Wrist Injuries Rocking Climbing with Wil Seto
Mark: Hi, it's Mark from Remarkable Speaking. I'm here with Wil Seto of Insync Physio in Vancouver. And we're going to talk about wrist injuries from rock climbing. How you doing Wil?
Wil: Hey, Mark. I'm doing well. Thanks. How about you?
Mark: Good. So what kind of symptoms would someone have other than just pain? Like how do you hurt your wrist? I can see fingers, all kinds of things, but your wrist, rock climbing.
Wil: Yeah. So, so the symptoms would be other than pain, would be like some swelling, obviously like you're saying, and then some loss in range, but also with this kind of injury, you can get some clicking in the wrist. So what I'm thinking more specifically is when you have the type of injury where you say, if you're rock climbing and bouldering, and you basically fall down and then you land with your hand outstretched and wrist extended kind of thing, to try and soften the blow of the fall. Then that can cause a strain into your cartilage and this side of your wrist, which is called the ulnar side.
And so that cartilage, that whole area is called the triangular fibrocartilage complex, TFCC for short. And so basically the reason why it's called that is because there's the cartilage and then you also have ligaments in your capsule in through there. And so it's a complex in the fact that they all work together to stabilize that area of the wrist.
And so in rope climbing or league climbing, or more specifically like what's called traditional climbing, you're doing a lot of crack climbing and hand jamming. You basically have over rotated wrists. So you can either basically over-pronate is what it's called, where you turn it that way and you jam it in a rock. And then you're like basically trying to hang all your weight off the wrist. So you can now imagine all the forces that are basically being put on the wrist in that motion. And then also the twisting where we may try and just do anything to hang on. So you can see how the wrist can also be injured in that area.
So those are very common ways of doing. And the other way is also when you're climbing, whether it's on a rope or bouldering or whatnot, and you're trying to like push up to a really hard move. And you're now once again, you're kind of pushing off and extending your wrist and putting pressure through that palm and that's called a mantling move. So you're just essentially trying to like push off this way and now you're super extended.
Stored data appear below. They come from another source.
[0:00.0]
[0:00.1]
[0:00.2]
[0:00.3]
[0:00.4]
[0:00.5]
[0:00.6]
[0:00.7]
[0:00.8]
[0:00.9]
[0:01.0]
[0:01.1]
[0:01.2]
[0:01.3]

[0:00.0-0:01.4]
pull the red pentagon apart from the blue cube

Mark: Sort of like if you're climbing up onto a ledge and you're trying to mantle yourself up over that with all that pressure being right on your wrist. So one of those things, we don't really necessarily understand that the wrist is incredibly complex with all the bones, ligaments, tendons.
There's eight bones in there, plus all your metacarpals that make up your wrist. So we think of our shoulder as being complex, but you know, our wrists are actually possibly more complex. So putting all that pressure on there without training for it can be a really interesting situation. So how do you go about diagnosing what's actually going on and then what the course of treatment's going to be? What are the steps.
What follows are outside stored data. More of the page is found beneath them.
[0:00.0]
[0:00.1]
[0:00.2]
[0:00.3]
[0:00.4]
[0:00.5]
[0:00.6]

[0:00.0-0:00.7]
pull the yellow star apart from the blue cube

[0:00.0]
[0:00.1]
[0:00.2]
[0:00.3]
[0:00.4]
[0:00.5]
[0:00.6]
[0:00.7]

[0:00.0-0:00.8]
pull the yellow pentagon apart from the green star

Wil: Yeah. So with these type of injuries, these type of cartilage injuries in your wrist, there are a few specific tests. That will either rule it in or rule it out. And you don't want to just do one of them because you want to do a few of them to just sort of, you know, get sort of a battery of them. And then that'll give you a good idea. And also, you got to hear out what's the, okay yeah, I did this or I did that or I landed like this. And then you add that with a test and then you can sort of figure that out.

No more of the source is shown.